Support VM disk resize without reboot (from Incus)
This PR adds support for resizing (growing) VM disks without rebooting, when using ZFS or LVM storage backends.
Resolves https://github.com/canonical/lxd/issues/13311.
Heads up @mionaalex - the "Documentation" label was applied to this issue.
What would prevent growing live the .raw file backing a QEMU on another storage driver? Or maybe that was left for another day/PR?
What would prevent growing live the
.rawfile backing a QEMU on another storage driver? Or maybe that was left for another day/PR?
I'd like it if we could explore adding suppport for that, we support growing the raw disk file offline, so not sure if there is a reason we cant do it online?
Needs a rebase too please
@simondeziel @tomponline re: online disk resize
I don't see an issue with adding online disk resizing for ceph. RBD has an exclusive lock feature and supports online resizing with RBD client kernel > 3.10.
Thanks for checking on ceph RBD live resize capabilities! As Tom mentioned, we can already grow plain .raw file while offline so maybe we could do that live too now that there's a mechanism to notify QEMU about the bigger backing file.
@tomponline rebased and good to go. Do we want to include support for live resizing ceph disks with this PR or open up a separate issue and save it for later?

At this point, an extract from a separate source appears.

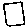
Label: square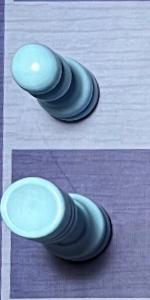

@tomponline rebased and good to go. Do we want to include support for live resizing ceph disks with this PR or open up a separate issue and save it for later?
Lets try and do it as part of this PR. And then we can add a single API extension.
I've tested live resizing a Ceph RBD filesystem disk and it works as expected - it's just online resizing of Ceph RBD block volumes that doesn't work, which explains why I haven't been able to resize a Ceph backed rootfs.
It doesn't look like we'll be able to add support for online growing of Ceph RBD root disks. Ceph backed VM's have a read only snapshot which can't be updated when the root disk size is updated (see below). The snapshot is used for instance creation.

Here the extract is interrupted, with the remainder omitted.